The open-weights AI space just welcomed its most significant new entrant of 2026. Thinking Machines Lab — the company founded by former OpenAI CTO Mira Murati — released Inkling yesterday: a 975-billion-parameter Mixture-of-Experts model with full weights available on Hugging Face under Apache 2.0. No commercial restrictions. No “research only” clause. Weights you can actually run.

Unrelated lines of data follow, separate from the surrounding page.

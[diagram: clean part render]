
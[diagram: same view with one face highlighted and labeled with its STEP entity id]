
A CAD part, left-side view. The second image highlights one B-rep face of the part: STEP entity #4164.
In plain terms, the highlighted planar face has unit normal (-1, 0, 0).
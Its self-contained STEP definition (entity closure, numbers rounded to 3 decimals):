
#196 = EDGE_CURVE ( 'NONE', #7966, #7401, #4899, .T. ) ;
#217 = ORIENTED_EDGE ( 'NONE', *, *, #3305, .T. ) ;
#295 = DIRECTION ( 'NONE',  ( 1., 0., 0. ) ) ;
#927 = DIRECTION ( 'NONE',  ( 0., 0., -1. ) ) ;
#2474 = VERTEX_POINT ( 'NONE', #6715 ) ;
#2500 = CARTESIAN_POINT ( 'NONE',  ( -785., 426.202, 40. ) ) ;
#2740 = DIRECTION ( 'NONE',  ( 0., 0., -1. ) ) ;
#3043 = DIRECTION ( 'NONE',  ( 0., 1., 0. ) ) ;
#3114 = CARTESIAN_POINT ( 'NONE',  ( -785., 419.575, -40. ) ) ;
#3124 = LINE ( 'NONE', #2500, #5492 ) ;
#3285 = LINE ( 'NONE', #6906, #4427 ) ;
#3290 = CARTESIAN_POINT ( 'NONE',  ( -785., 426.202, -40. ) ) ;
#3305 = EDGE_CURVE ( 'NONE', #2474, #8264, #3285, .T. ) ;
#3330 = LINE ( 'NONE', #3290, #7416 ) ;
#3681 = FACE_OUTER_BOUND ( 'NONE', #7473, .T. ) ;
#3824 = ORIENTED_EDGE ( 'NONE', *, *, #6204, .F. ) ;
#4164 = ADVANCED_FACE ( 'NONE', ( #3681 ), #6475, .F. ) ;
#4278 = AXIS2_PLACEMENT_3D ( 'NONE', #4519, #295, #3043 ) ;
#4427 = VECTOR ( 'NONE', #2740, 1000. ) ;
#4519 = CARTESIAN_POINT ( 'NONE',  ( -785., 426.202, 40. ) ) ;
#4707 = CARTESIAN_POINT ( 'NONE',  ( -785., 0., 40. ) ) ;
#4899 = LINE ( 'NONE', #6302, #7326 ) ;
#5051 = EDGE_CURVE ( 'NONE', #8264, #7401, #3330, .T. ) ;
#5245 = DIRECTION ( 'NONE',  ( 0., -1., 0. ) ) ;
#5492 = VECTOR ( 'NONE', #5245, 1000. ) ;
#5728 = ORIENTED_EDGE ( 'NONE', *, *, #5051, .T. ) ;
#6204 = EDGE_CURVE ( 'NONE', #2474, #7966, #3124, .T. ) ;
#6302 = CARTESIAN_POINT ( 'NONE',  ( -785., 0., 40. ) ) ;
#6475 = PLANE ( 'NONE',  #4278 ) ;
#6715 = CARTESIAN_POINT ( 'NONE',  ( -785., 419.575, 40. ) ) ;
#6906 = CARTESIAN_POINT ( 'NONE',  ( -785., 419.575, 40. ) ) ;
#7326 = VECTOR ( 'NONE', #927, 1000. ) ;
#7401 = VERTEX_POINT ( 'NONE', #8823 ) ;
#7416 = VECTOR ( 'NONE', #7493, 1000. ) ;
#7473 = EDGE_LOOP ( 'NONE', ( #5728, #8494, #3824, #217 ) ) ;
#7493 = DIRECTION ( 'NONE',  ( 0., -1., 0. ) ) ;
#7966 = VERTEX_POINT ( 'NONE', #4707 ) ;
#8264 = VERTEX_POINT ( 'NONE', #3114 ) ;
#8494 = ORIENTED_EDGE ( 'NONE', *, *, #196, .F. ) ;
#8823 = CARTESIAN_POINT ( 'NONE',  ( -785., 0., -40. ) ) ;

This is currently the strongest Western open-weights model available. And the architecture is genuinely interesting.

What Inkling Actually Is

Inkling is a Mixture-of-Experts transformer — a family of architectures that have recently become the dominant approach for scaling LLMs without proportionally scaling inference cost. The headline numbers:

  • 975B total parameters with 41B active per forward pass
  • 1 million token context window
  • Pretrained on 45 trillion tokens of text, images, audio, and video
  • Apache 2.0 license — commercially permissive, modification allowed
  • Hugging Face: thinkingmachines/inkling

The MoE design means that while the model is enormous in total, each inference pass activates only about 4% of the total parameters. That’s what makes running a 975B model practically possible on reasonable hardware — you’re not paying the compute cost of 975B parameters on every token.

Architecture Highlights

Thinking Machines describes the architecture as DeepSeek-V3-inspired, with 256 expert layers plus 2 shared experts and top-k expert routing per token. This is a proven approach: DeepSeek’s MoE routing has demonstrated strong performance-per-FLOP characteristics, and Thinking Machines appears to have iterated on it with their own training innovations.

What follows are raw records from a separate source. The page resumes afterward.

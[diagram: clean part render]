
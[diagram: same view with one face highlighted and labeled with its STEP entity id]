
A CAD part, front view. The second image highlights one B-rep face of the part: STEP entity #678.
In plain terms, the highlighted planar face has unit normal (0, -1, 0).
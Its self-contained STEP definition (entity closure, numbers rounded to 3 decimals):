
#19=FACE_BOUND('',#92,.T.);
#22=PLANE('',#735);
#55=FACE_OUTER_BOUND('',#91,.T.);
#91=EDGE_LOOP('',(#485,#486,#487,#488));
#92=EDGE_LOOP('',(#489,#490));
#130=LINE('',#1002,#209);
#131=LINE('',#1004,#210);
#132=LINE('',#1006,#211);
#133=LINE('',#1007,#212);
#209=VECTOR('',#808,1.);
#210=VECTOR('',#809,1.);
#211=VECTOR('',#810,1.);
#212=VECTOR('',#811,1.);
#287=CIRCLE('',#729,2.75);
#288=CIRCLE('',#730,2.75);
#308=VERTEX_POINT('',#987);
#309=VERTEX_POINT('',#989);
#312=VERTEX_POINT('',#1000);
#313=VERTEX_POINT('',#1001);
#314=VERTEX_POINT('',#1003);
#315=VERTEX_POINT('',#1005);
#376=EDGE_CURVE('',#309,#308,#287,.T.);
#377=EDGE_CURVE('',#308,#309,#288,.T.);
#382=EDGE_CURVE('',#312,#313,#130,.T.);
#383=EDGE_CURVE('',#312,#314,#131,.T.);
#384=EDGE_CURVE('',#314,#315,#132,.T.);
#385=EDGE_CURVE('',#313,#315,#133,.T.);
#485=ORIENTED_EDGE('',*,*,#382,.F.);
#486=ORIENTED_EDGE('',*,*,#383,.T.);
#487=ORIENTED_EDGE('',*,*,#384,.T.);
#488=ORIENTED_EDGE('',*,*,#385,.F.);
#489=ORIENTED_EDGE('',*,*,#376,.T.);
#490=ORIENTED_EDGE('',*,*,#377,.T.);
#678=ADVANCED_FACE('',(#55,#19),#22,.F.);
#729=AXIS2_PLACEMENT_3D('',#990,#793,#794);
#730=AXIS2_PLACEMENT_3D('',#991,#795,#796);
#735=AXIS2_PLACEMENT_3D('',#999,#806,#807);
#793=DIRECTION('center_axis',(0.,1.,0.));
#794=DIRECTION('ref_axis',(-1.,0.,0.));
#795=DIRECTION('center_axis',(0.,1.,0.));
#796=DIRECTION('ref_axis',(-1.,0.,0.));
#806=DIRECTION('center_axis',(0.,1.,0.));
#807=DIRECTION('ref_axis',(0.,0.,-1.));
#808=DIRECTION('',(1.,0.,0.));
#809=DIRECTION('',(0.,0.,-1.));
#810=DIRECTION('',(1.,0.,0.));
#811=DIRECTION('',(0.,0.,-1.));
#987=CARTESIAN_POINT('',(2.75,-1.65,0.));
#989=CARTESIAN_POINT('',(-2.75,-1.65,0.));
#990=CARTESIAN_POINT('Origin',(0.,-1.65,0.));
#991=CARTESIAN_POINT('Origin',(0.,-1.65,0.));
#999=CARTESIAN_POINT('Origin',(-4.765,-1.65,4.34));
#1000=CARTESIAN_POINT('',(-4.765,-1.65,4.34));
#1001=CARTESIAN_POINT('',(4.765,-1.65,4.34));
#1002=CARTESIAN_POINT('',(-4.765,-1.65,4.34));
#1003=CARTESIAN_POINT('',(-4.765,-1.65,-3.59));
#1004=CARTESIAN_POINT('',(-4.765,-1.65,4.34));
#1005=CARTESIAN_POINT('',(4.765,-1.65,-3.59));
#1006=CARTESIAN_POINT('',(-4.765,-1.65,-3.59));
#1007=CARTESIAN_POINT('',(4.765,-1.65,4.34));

Controllable thinking effort is a standout design choice. Inkling lets users dial reasoning intensity up or down — more computation for complex tasks, faster responses for simpler ones. This is the kind of practical production feature that matters for real deployments. Running a model capable of deep reasoning at full capacity for every query is wasteful; being able to tune the effort level is valuable.

Native multimodality covers text, image, and audio — pretrained together on 45T multimodal tokens, not bolted on afterward. The distinction matters for grounding quality and cross-modal reasoning consistency.

The Agentic Coding Story

The Thinking Machines announcement puts heavy emphasis on agentic coding and tool use as a primary use case. Inkling is designed for long-horizon tasks: multi-step coding projects, one-shot web app generation with embedded browser use, and extended refinement loops for complex artifacts.

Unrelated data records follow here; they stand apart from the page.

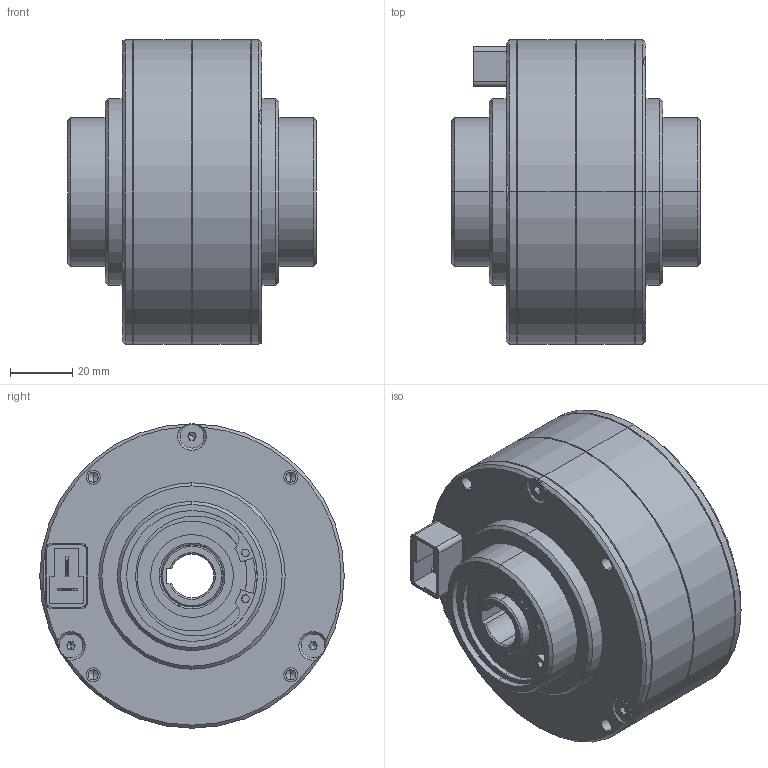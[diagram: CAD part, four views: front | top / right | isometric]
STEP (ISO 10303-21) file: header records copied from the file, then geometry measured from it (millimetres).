
FILE_DESCRIPTION (( 'STEP AP214' ), '1' );
FILE_NAME ('MPB10_035a-001...003.STEP', '2024-02-05T09:18:32', ( '' ), ( '' ), 'SwSTEP 2.0', 'SolidWorks 2023', '' );
FILE_SCHEMA (( 'AUTOMOTIVE_DESIGN' ));
Length unit declared in the file: millimetre
Products named in the file (1): MPB10_035a-001...003
Bounding box: 80 x 98 x 98 mm (x, y, z)
Volume: 391931 mm3; surface area: 43405.8 mm2
Topology: 1 solids, 7 shells, 589 faces, 1487 edges, 916 vertices
Faces by surface type: plane 249, cylinder 218, cone 98, torus 24
Entity records: 24011 total; most frequent: DIRECTION 3261, CARTESIAN_POINT 3085, ORIENTED_EDGE 2918, EDGE_CURVE 1459, AXIS2_PLACEMENT_3D 1236, VERTEX_POINT 916, VECTOR 789, LINE 789

A preview of Inkling-Small ships alongside — 12B active parameters, lighter-weight, targeting deployment scenarios where you don’t want the full 41B active parameter inference overhead. This is a smart inclusion: production systems often need a fast, cheap model for triage and routing alongside a more capable one for heavy lifting.

Why Apache 2.0 Matters So Much

The licensing choice is arguably as significant as the capability numbers. Apache 2.0 means:

  • Commercial use without royalties or restrictions
  • Derivative model creation allowed (fine-tuning, merging, distillation)
  • Redistribution allowed under the same license terms
  • No “non-commercial” carve-outs that would block enterprise deployment

For context: many recently released “open” models use custom licenses that prohibit commercial use above certain revenue thresholds, restrict certain applications, or require attribution that’s functionally impossible in deployed products. Apache 2.0 eliminates all of that complexity.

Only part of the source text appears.